Hydrolyzed wheat proteins for use on hair are classified by the INCI (International Nomenclature of Cosmetic Ingredients) as a film-forming agent, a conditioning agent, and a moisturizing agent. As a film-forming agent, hydrolyzed wheat proteins form a thin layer on the surface of the hair which yields a glossy shine, smoothness, and manageability to the hair without weighing strands down (without flattening the hair with residues). As a conditioning agent, hydrolyzed wheat proteins nourish and repair hair strands by strengthening and fortifying hair cells with proteins, reducing porousness (minute holes in hair strands), and minimizing hair loss due to breakage. As a moisturizing agent, hydrolyzed wheat proteins attract and retain moisture in the hair. The wheat proteins swell the hair shaft with moisture increasing the thickness (circumference) of the hair stand, increasing spacing between hair strands (volumizing), and giving the hair body (fullness of appearance, shape, thickness, and texture).
Functions: How does hydrolyzed wheat proteins supplement the hair?
Hydrolyzed wheat protein is a phyto (plant) peptide containing oligosaccharides (carbohydrates) and amino acids (proteins). Peptides form a link or bond between amino acids. Amino acids are compounds (building blocks) comprised of carbon, hydrogen, oxygen, and nitrogen atoms that join together to construct proteins. Amino acids (structural proteins) are needed (required) to keep the hair’s mostly keratin and lesser constitute of collagen in healthy condition. Hydrolyzed wheat proteins offer an additional supplement of the non-essential (can be produced by the body) amino acid of cysteine. Approximately one-quarter of a hair strand’s keratin is composed of cysteine. Cysteine supports the production collagen which may be beneficial to the hair follicle (bulb) on the regrowth of new hair. Additionally, studies suggest cysteine supplementation prevents hair loss.
Audience: Who would benefit from a hair care product containing hydrolyzed wheat proteins?
Its normal for the average person to lose approximately 50 to 100 hairs daily.

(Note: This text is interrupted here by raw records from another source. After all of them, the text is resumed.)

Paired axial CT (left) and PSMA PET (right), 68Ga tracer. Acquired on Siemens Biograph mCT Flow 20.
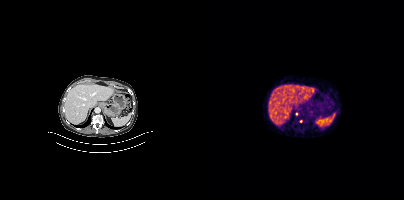
Coordinates are on the 200×200 PET (right) panel. Small PSMA-avid foci (2 to 4 px across) near (center x, center y): (97, 121) (92, 114).
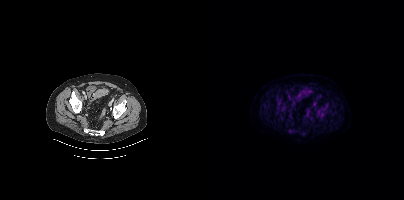
This slice has no annotated PSMA-avid lesion. Paired axial CT (left) and PSMA PET (right), 18F-PSMA tracer. Acquired on Siemens Biograph mCT Flow 20. Slice position z = -804 mm.
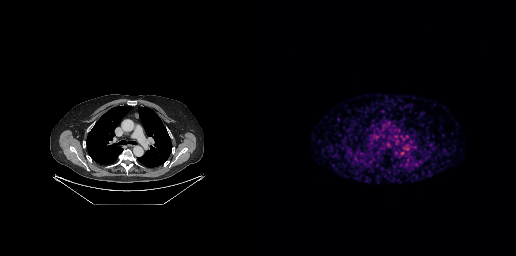
modality: PSMA PET/CT | tracer: 68Ga | view: axial
Negative for PSMA-avid disease on this slice.
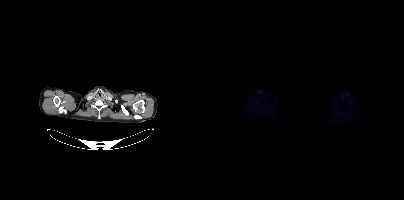
Technique: Two-panel axial: CT | PSMA PET, 18F-PSMA tracer. acquired on Siemens Biograph mCT Flow 20. slice 379 of 431.
Note: An anonymization step blacked out a rectangle in this scan.
Findings: Negative for PSMA-avid disease on this slice.
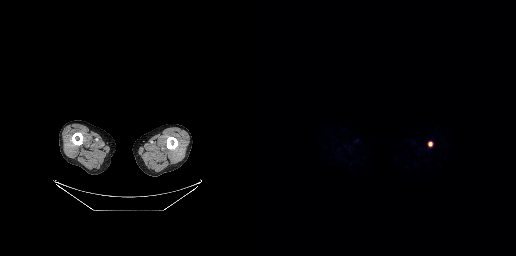
Paired axial CT (left) and PSMA PET (right), [68Ga]Ga-PSMA-11 tracer. Coordinates are on the 256×256 PET (right) panel. PSMA-avid tumor lesion bounding box (x, y, width, height): x=168 y=142 w=5 h=5.
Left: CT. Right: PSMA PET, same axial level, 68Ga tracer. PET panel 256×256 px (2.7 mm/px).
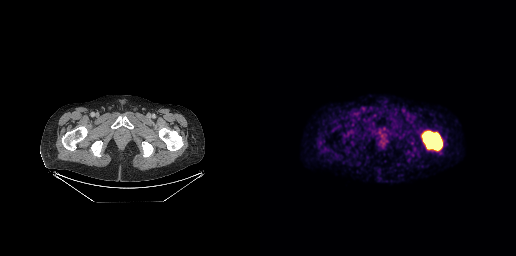
Coordinates are on the 256×256 PET (right) panel. PSMA-avid tumor lesion bounding box (x0,y0,x1,y1): [162,131,182,150].
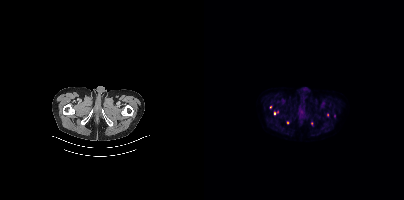
Findings: Coordinates are on the 200×200 PET (right) panel. (showing 4 of 5 foci) Small PSMA-avid foci (2 to 4 px across) near (center x, center y): (70, 113); (107, 123); (66, 107); (123, 114).
Technique: Left: CT. Right: PSMA PET, same axial level, 18F-PSMA tracer. acquired on Siemens Biograph mCT Flow 20.
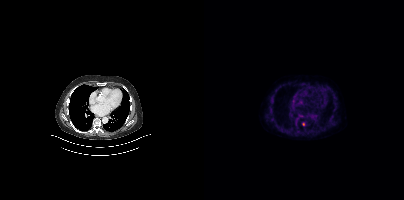
Two-panel axial: CT | PSMA PET, 18F-PSMA tracer. Acquired on Siemens Biograph mCT Flow 20. Slice position z = -552 mm. Coordinates are on the 200×200 PET (right) panel. Small PSMA-avid focus (2 to 4 px across) near (center x, center y): (99, 124).
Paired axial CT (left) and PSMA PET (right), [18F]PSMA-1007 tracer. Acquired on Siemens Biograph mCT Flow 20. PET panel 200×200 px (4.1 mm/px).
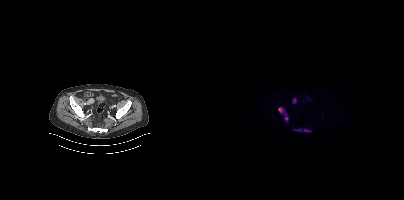
Coordinates are on the 200×200 PET (right) panel. (showing 4 of 5 foci) PSMA-avid tumor lesion bounding boxes (x, y, width, height): x=93 y=128 w=11 h=4 | x=74 y=107 w=5 h=6. Small PSMA-avid foci (2 to 4 px across) near (center x, center y): (92, 101) | (106, 129).
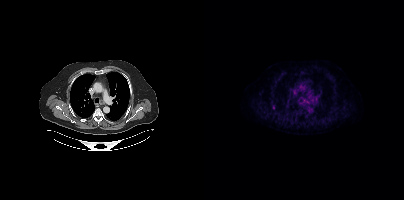
Paired axial CT (left) and PSMA PET (right), 18F tracer. Coordinates are on the 200×200 PET (right) panel. Small PSMA-avid focus (2 to 4 px across) near (center x, center y): (70, 107).
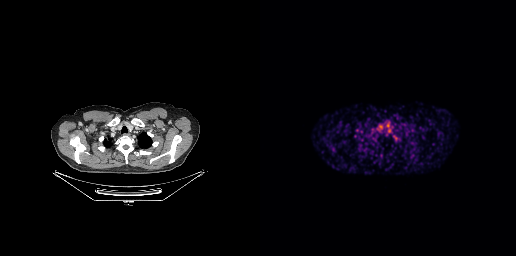
modality: PSMA PET/CT | tracer: 68Ga | view: axial | PET grid: 256×256
Negative for PSMA-avid disease on this slice.
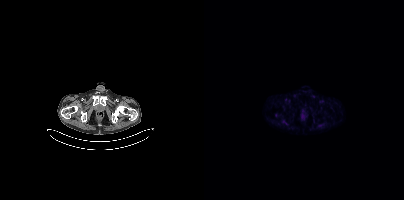
modality: PSMA PET/CT | tracer: [18F]PSMA-1007 | view: axial | PET grid: 200×200
Negative for PSMA-avid disease on this slice.
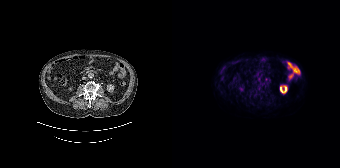
{"modality":"PSMA PET/CT","view":"axial","tracer":"18F-PSMA","pet_grid":[168,168],"coord_frame":"pet_panel","coord_format":"x0,y0,x1,y1","lesion_bboxes":[],"small_foci_centers":[[94,79]]}
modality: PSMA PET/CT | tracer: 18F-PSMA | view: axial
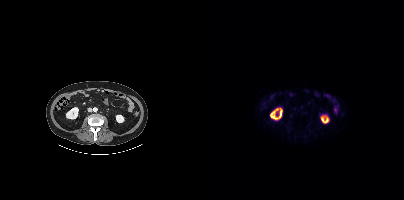
No tumor lesions annotated on this slice.
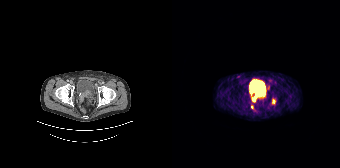
modality: PSMA PET/CT | tracer: 68Ga-PSMA | view: axial | PET grid: 168×168
Coordinates are on the 168×168 PET (right) panel. PSMA-avid tumor lesion bounding box (x0, y0)-(x1, y1): (100, 99)-(103, 103). Small PSMA-avid foci (2 to 4 px across) near (center x, center y): (81, 99); (85, 94); (79, 107).
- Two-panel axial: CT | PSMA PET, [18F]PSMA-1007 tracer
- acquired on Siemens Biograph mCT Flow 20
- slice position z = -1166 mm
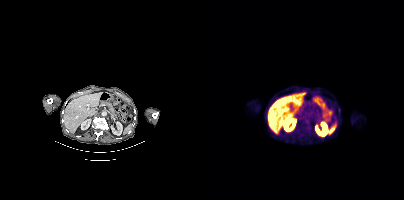
Findings: Coordinates are on the 200×200 PET (right) panel. PSMA-avid tumor lesion bounding box (x0,y0,x1,y1): [135,108,136,112].
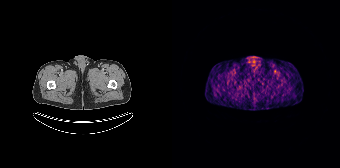
{"pet_grid":[168,168],"coord_frame":"pet_panel","coord_format":"x0,y0,x1,y1","psma_avid_lesions":false,"modality":"PSMA PET/CT","view":"axial","tracer":"[68Ga]Ga-PSMA-11"}
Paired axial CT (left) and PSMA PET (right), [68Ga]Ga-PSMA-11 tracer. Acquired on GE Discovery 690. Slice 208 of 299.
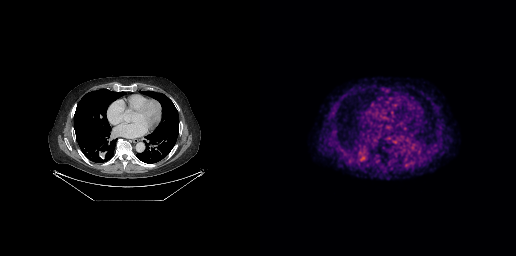
This slice has no annotated PSMA-avid lesion.
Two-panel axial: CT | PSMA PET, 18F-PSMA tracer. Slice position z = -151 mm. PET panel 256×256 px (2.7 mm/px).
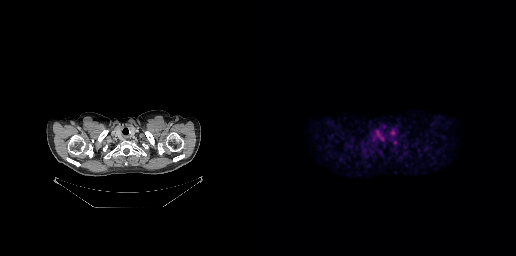
Negative for PSMA-avid disease on this slice.
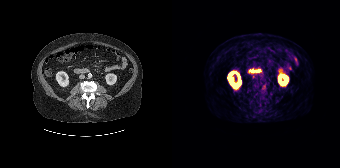
modality: PSMA PET/CT | tracer: [68Ga]Ga-PSMA-11 | view: axial | PET grid: 168×168
This slice has no annotated PSMA-avid lesion.
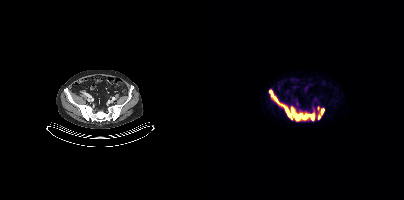
Two-panel axial: CT | PSMA PET, 18F tracer. Acquired on Siemens Biograph mCT Flow 20. PET panel 200×200 px (4.1 mm/px). Coordinates are on the 200×200 PET (right) panel. (showing 4 of 5 foci) PSMA-avid tumor lesion bounding boxes (x0,y0,x1,y1): [65,90,104,120], [106,114,110,120], [117,109,120,113]. Small PSMA-avid focus (2 to 4 px across) near (center x, center y): (115, 117).
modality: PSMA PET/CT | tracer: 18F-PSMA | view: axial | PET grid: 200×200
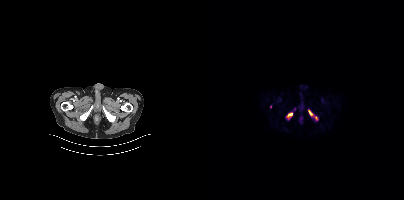
Coordinates are on the 200×200 PET (right) panel. PSMA-avid tumor lesion bounding boxes (x0,y0,x1,y1): [83,113,88,119], [104,110,108,115], [111,116,113,120]. Small PSMA-avid focus (2 to 4 px across) near (center x, center y): (66, 106).

However, excessive hair loss can be caused by a number of circumstances or conditions such as
- a protein deficiency
- a genetic predisposition for hair loss (hereditary)
- hormonal changes following childbirth, menopause, or due to birth control pills
- thyroid disease of hypothyroidism (low thyroid) or hyperthyroidism (high thyroid)
- alopecia catricial and alopecia areata in which the immune system damages the hair follicles
- scalp infections
- some types of lupus which can cause scarring
- medications to treat arthritis, cancer (chemotherapy), depression, heart conditions, and hypertension (high blood pressure)
- a sudden emotional or physical shock
- trichotillomania, a hair pulling disorder
The benefits of using a hair care product that contains hydrolyzed wheat proteins are its ability to add volume, thickness, and body to hair by swelling the hair shaft with moisture, its ability to repair damaged hair by an infusion of amino acid proteins, and its ability to form a thin layering on the hair’s surface that provides a lustrous shine and manageability without weighing the hair down. Hydrolyzed wheat proteins are derived from a natural source, wheat, and are an excellent remedy for thinning hair.